*** EXERCISE DATA Section Begins ***
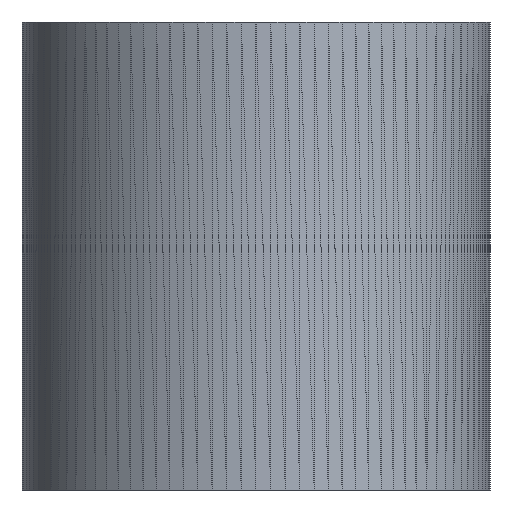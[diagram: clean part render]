
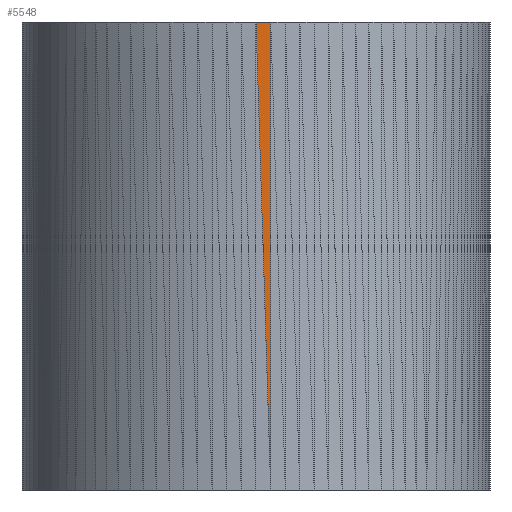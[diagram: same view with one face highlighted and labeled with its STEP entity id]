
A CAD part, left-side view. The second image highlights one B-rep face of the part: STEP entity #5548.
In plain terms, the highlighted planar face has unit normal (-1, -0.031, 0).
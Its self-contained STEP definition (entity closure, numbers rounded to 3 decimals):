
#5463 = EDGE_CURVE('',#5464,#5466,#5468,.T.);
#5464 = VERTEX_POINT('',#5465);
#5465 = CARTESIAN_POINT('',(-9.98,-0.628,0.));
#5466 = VERTEX_POINT('',#5467);
#5467 = CARTESIAN_POINT('',(-10.,0.,20.));
#5468 = SURFACE_CURVE('',#5469,(#5473,#5485),.PCURVE_S1.);
#5469 = LINE('',#5470,#5471);
#5470 = CARTESIAN_POINT('',(-9.98,-0.628,0.));
#5471 = VECTOR('',#5472,1.);
#5472 = DIRECTION('',(-0.001,0.031,
    1.));
#5473 = PCURVE('',#5474,#5479);
#5474 = PLANE('',#5475);
#5475 = AXIS2_PLACEMENT_3D('',#5476,#5477,#5478);
#5476 = CARTESIAN_POINT('',(-9.995,-0.159,
    9.845));
#5477 = DIRECTION('',(-1.,-0.031,
    0.));
#5478 = DIRECTION('',(0.031,-1.,
    0.));
#5479 = DEFINITIONAL_REPRESENTATION('',(#5480),#5484);
#5480 = LINE('',#5481,#5482);
#5481 = CARTESIAN_POINT('',(0.469,-9.845));
#5482 = VECTOR('',#5483,1.);
#5483 = DIRECTION('',(-0.031,1.));
#5484 = ( GEOMETRIC_REPRESENTATION_CONTEXT(2) 
PARAMETRIC_REPRESENTATION_CONTEXT() REPRESENTATION_CONTEXT('2D SPACE',''
  ) );
#5485 = PCURVE('',#5486,#5491);
#5486 = PLANE('',#5487);
#5487 = AXIS2_PLACEMENT_3D('',#5488,#5489,#5490);
#5488 = CARTESIAN_POINT('',(-9.985,-0.468,
    10.155));
#5489 = DIRECTION('',(-1.,-0.031,
    0.));
#5490 = DIRECTION('',(0.031,-1.,
    0.));
#5491 = DEFINITIONAL_REPRESENTATION('',(#5492),#5495);
#5492 = B_SPLINE_CURVE_WITH_KNOTS('',1,(#5493,#5494),.UNSPECIFIED.,.F.,
  .F.,(2,2),(0.,20.01),.PIECEWISE_BEZIER_KNOTS.);
#5493 = CARTESIAN_POINT('',(0.16,-10.155));
#5494 = CARTESIAN_POINT('',(-0.469,9.845));
#5495 = ( GEOMETRIC_REPRESENTATION_CONTEXT(2) 
PARAMETRIC_REPRESENTATION_CONTEXT() REPRESENTATION_CONTEXT('2D SPACE',''
  ) );
#5548 = ADVANCED_FACE('',(#5549),#5486,.T.);
#5549 = FACE_BOUND('',#5550,.T.);
#5550 = EDGE_LOOP('',(#5551,#5552,#5579));
#5551 = ORIENTED_EDGE('',*,*,#5463,.F.);
#5552 = ORIENTED_EDGE('',*,*,#5553,.T.);
#5553 = EDGE_CURVE('',#5464,#5554,#5556,.T.);
#5554 = VERTEX_POINT('',#5555);
#5555 = CARTESIAN_POINT('',(-9.98,-0.628,20.));
#5556 = SURFACE_CURVE('',#5557,(#5561,#5568),.PCURVE_S1.);
#5557 = LINE('',#5558,#5559);
#5558 = CARTESIAN_POINT('',(-9.98,-0.628,0.));
#5559 = VECTOR('',#5560,1.);
#5560 = DIRECTION('',(0.,0.,1.));
#5561 = PCURVE('',#5486,#5562);
#5562 = DEFINITIONAL_REPRESENTATION('',(#5563),#5567);
#5563 = LINE('',#5564,#5565);
#5564 = CARTESIAN_POINT('',(0.16,-10.155));
#5565 = VECTOR('',#5566,1.);
#5566 = DIRECTION('',(0.,1.));
#5567 = ( GEOMETRIC_REPRESENTATION_CONTEXT(2) 
PARAMETRIC_REPRESENTATION_CONTEXT() REPRESENTATION_CONTEXT('2D SPACE',''
  ) );
#5568 = PCURVE('',#5569,#5574);
#5569 = PLANE('',#5570);
#5570 = AXIS2_PLACEMENT_3D('',#5571,#5572,#5573);
#5571 = CARTESIAN_POINT('',(-9.965,-0.787,
    9.845));
#5572 = DIRECTION('',(-0.996,-0.094,
    0.));
#5573 = DIRECTION('',(0.094,-0.996,
    0.));
#5574 = DEFINITIONAL_REPRESENTATION('',(#5575),#5578);
#5575 = B_SPLINE_CURVE_WITH_KNOTS('',1,(#5576,#5577),.UNSPECIFIED.,.F.,
  .F.,(2,2),(0.,20.),.PIECEWISE_BEZIER_KNOTS.);
#5576 = CARTESIAN_POINT('',(-0.16,-9.845));
#5577 = CARTESIAN_POINT('',(-0.16,10.155));
#5578 = ( GEOMETRIC_REPRESENTATION_CONTEXT(2) 
PARAMETRIC_REPRESENTATION_CONTEXT() REPRESENTATION_CONTEXT('2D SPACE',''
  ) );
#5579 = ORIENTED_EDGE('',*,*,#5580,.F.);
#5580 = EDGE_CURVE('',#5466,#5554,#5581,.T.);
#5581 = SURFACE_CURVE('',#5582,(#5586,#5592),.PCURVE_S1.);
#5582 = LINE('',#5583,#5584);
#5583 = CARTESIAN_POINT('',(-10.,0.,20.));
#5584 = VECTOR('',#5585,1.);
#5585 = DIRECTION('',(0.031,-1.,0.));
#5586 = PCURVE('',#5486,#5587);
#5587 = DEFINITIONAL_REPRESENTATION('',(#5588),#5591);
#5588 = B_SPLINE_CURVE_WITH_KNOTS('',1,(#5589,#5590),.UNSPECIFIED.,.F.,
  .F.,(2,2),(0.,0.628),.PIECEWISE_BEZIER_KNOTS.);
#5589 = CARTESIAN_POINT('',(-0.469,9.845));
#5590 = CARTESIAN_POINT('',(0.16,9.845));
#5591 = ( GEOMETRIC_REPRESENTATION_CONTEXT(2) 
PARAMETRIC_REPRESENTATION_CONTEXT() REPRESENTATION_CONTEXT('2D SPACE',''
  ) );
#5592 = PCURVE('',#5593,#5598);
#5593 = PLANE('',#5594);
#5594 = AXIS2_PLACEMENT_3D('',#5595,#5596,#5597);
#5595 = CARTESIAN_POINT('',(-6.146,-0.163,20.));
#5596 = DIRECTION('',(0.,0.,1.));
#5597 = DIRECTION('',(1.,0.,-0.));
#5598 = DEFINITIONAL_REPRESENTATION('',(#5599),#5603);
#5599 = LINE('',#5600,#5601);
#5600 = CARTESIAN_POINT('',(-3.854,0.163));
#5601 = VECTOR('',#5602,1.);
#5602 = DIRECTION('',(0.031,-1.));
#5603 = ( GEOMETRIC_REPRESENTATION_CONTEXT(2) 
PARAMETRIC_REPRESENTATION_CONTEXT() REPRESENTATION_CONTEXT('2D SPACE',''
  ) );
*** EXERCISE DATA Section Ends ***
▸ **WHAT NEEDS TO BE DONE**
Each entry is to be given again exactly as it stands, with its pictures removed.

▸ **WRITTEN RESPONSE**
[diagram: clean part render]
[diagram: same view with one face highlighted and labeled with its STEP entity id]
A CAD part, left-side view. The second image highlights one B-rep face of the part: STEP entity #5548.
In plain terms, the highlighted planar face has unit normal (-1, -0.031, 0).
Its self-contained STEP definition (entity closure, numbers rounded to 3 decimals):
#5463 = EDGE_CURVE('',#5464,#5466,#5468,.T.);
#5464 = VERTEX_POINT('',#5465);
#5465 = CARTESIAN_POINT('',(-9.98,-0.628,0.));
#5466 = VERTEX_POINT('',#5467);
#5467 = CARTESIAN_POINT('',(-10.,0.,20.));
#5468 = SURFACE_CURVE('',#5469,(#5473,#5485),.PCURVE_S1.);
#5469 = LINE('',#5470,#5471);
#5470 = CARTESIAN_POINT('',(-9.98,-0.628,0.));
#5471 = VECTOR('',#5472,1.);
#5472 = DIRECTION('',(-0.001,0.031,
    1.));
#5473 = PCURVE('',#5474,#5479);
#5474 = PLANE('',#5475);
#5475 = AXIS2_PLACEMENT_3D('',#5476,#5477,#5478);
#5476 = CARTESIAN_POINT('',(-9.995,-0.159,
    9.845));
#5477 = DIRECTION('',(-1.,-0.031,
    0.));
#5478 = DIRECTION('',(0.031,-1.,
    0.));
#5479 = DEFINITIONAL_REPRESENTATION('',(#5480),#5484);
#5480 = LINE('',#5481,#5482);
#5481 = CARTESIAN_POINT('',(0.469,-9.845));
#5482 = VECTOR('',#5483,1.);
#5483 = DIRECTION('',(-0.031,1.));
#5484 = ( GEOMETRIC_REPRESENTATION_CONTEXT(2) 
PARAMETRIC_REPRESENTATION_CONTEXT() REPRESENTATION_CONTEXT('2D SPACE',''
  ) );
#5485 = PCURVE('',#5486,#5491);
#5486 = PLANE('',#5487);
#5487 = AXIS2_PLACEMENT_3D('',#5488,#5489,#5490);
#5488 = CARTESIAN_POINT('',(-9.985,-0.468,
    10.155));
#5489 = DIRECTION('',(-1.,-0.031,
    0.));
#5490 = DIRECTION('',(0.031,-1.,
    0.));
#5491 = DEFINITIONAL_REPRESENTATION('',(#5492),#5495);
#5492 = B_SPLINE_CURVE_WITH_KNOTS('',1,(#5493,#5494),.UNSPECIFIED.,.F.,
  .F.,(2,2),(0.,20.01),.PIECEWISE_BEZIER_KNOTS.);
#5493 = CARTESIAN_POINT('',(0.16,-10.155));
#5494 = CARTESIAN_POINT('',(-0.469,9.845));
#5495 = ( GEOMETRIC_REPRESENTATION_CONTEXT(2) 
PARAMETRIC_REPRESENTATION_CONTEXT() REPRESENTATION_CONTEXT('2D SPACE',''
  ) );
#5548 = ADVANCED_FACE('',(#5549),#5486,.T.);
#5549 = FACE_BOUND('',#5550,.T.);
#5550 = EDGE_LOOP('',(#5551,#5552,#5579));
#5551 = ORIENTED_EDGE('',*,*,#5463,.F.);
#5552 = ORIENTED_EDGE('',*,*,#5553,.T.);
#5553 = EDGE_CURVE('',#5464,#5554,#5556,.T.);
#5554 = VERTEX_POINT('',#5555);
#5555 = CARTESIAN_POINT('',(-9.98,-0.628,20.));
#5556 = SURFACE_CURVE('',#5557,(#5561,#5568),.PCURVE_S1.);
#5557 = LINE('',#5558,#5559);
#5558 = CARTESIAN_POINT('',(-9.98,-0.628,0.));
#5559 = VECTOR('',#5560,1.);
#5560 = DIRECTION('',(0.,0.,1.));
#5561 = PCURVE('',#5486,#5562);
#5562 = DEFINITIONAL_REPRESENTATION('',(#5563),#5567);
#5563 = LINE('',#5564,#5565);
#5564 = CARTESIAN_POINT('',(0.16,-10.155));
#5565 = VECTOR('',#5566,1.);
#5566 = DIRECTION('',(0.,1.));
#5567 = ( GEOMETRIC_REPRESENTATION_CONTEXT(2) 
PARAMETRIC_REPRESENTATION_CONTEXT() REPRESENTATION_CONTEXT('2D SPACE',''
  ) );
#5568 = PCURVE('',#5569,#5574);
#5569 = PLANE('',#5570);
#5570 = AXIS2_PLACEMENT_3D('',#5571,#5572,#5573);
#5571 = CARTESIAN_POINT('',(-9.965,-0.787,
    9.845));
#5572 = DIRECTION('',(-0.996,-0.094,
    0.));
#5573 = DIRECTION('',(0.094,-0.996,
    0.));
#5574 = DEFINITIONAL_REPRESENTATION('',(#5575),#5578);
#5575 = B_SPLINE_CURVE_WITH_KNOTS('',1,(#5576,#5577),.UNSPECIFIED.,.F.,
  .F.,(2,2),(0.,20.),.PIECEWISE_BEZIER_KNOTS.);
#5576 = CARTESIAN_POINT('',(-0.16,-9.845));
#5577 = CARTESIAN_POINT('',(-0.16,10.155));
#5578 = ( GEOMETRIC_REPRESENTATION_CONTEXT(2) 
PARAMETRIC_REPRESENTATION_CONTEXT() REPRESENTATION_CONTEXT('2D SPACE',''
  ) );
#5579 = ORIENTED_EDGE('',*,*,#5580,.F.);
#5580 = EDGE_CURVE('',#5466,#5554,#5581,.T.);
#5581 = SURFACE_CURVE('',#5582,(#5586,#5592),.PCURVE_S1.);
#5582 = LINE('',#5583,#5584);
#5583 = CARTESIAN_POINT('',(-10.,0.,20.));
#5584 = VECTOR('',#5585,1.);
#5585 = DIRECTION('',(0.031,-1.,0.));
#5586 = PCURVE('',#5486,#5587);
#5587 = DEFINITIONAL_REPRESENTATION('',(#5588),#5591);
#5588 = B_SPLINE_CURVE_WITH_KNOTS('',1,(#5589,#5590),.UNSPECIFIED.,.F.,
  .F.,(2,2),(0.,0.628),.PIECEWISE_BEZIER_KNOTS.);
#5589 = CARTESIAN_POINT('',(-0.469,9.845));
#5590 = CARTESIAN_POINT('',(0.16,9.845));
#5591 = ( GEOMETRIC_REPRESENTATION_CONTEXT(2) 
PARAMETRIC_REPRESENTATION_CONTEXT() REPRESENTATION_CONTEXT('2D SPACE',''
  ) );
#5592 = PCURVE('',#5593,#5598);
#5593 = PLANE('',#5594);
#5594 = AXIS2_PLACEMENT_3D('',#5595,#5596,#5597);
#5595 = CARTESIAN_POINT('',(-6.146,-0.163,20.));
#5596 = DIRECTION('',(0.,0.,1.));
#5597 = DIRECTION('',(1.,0.,-0.));
#5598 = DEFINITIONAL_REPRESENTATION('',(#5599),#5603);
#5599 = LINE('',#5600,#5601);
#5600 = CARTESIAN_POINT('',(-3.854,0.163));
#5601 = VECTOR('',#5602,1.);
#5602 = DIRECTION('',(0.031,-1.));
#5603 = ( GEOMETRIC_REPRESENTATION_CONTEXT(2) 
PARAMETRIC_REPRESENTATION_CONTEXT() REPRESENTATION_CONTEXT('2D SPACE',''
  ) );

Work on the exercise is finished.